Work to be completed → From the line that holds "Q: How is the" to the last line of the data, copy everything exactly; leave out all the rest.

Provided records →
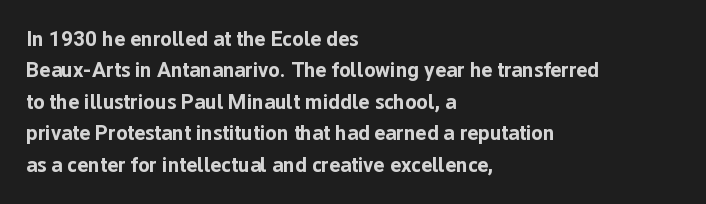
Q: Is the text bold? A: Yes.
Q: Is the text italic (slanted)? A: No, it is upright.
Q: Is the text underlined? A: No.
Q: How is the paragraph aligned? A: Left-aligned.
Q: Is the spacing between letters normal or unusually wide? A: Normal.
Q: Is the spacing between lines tight, normal or loose? A: Normal.

Output for this exercise →
Q: How is the paragraph aligned? A: Left-aligned.
Q: Is the spacing between letters normal or unusually wide? A: Normal.
Q: Is the spacing between lines tight, normal or loose? A: Normal.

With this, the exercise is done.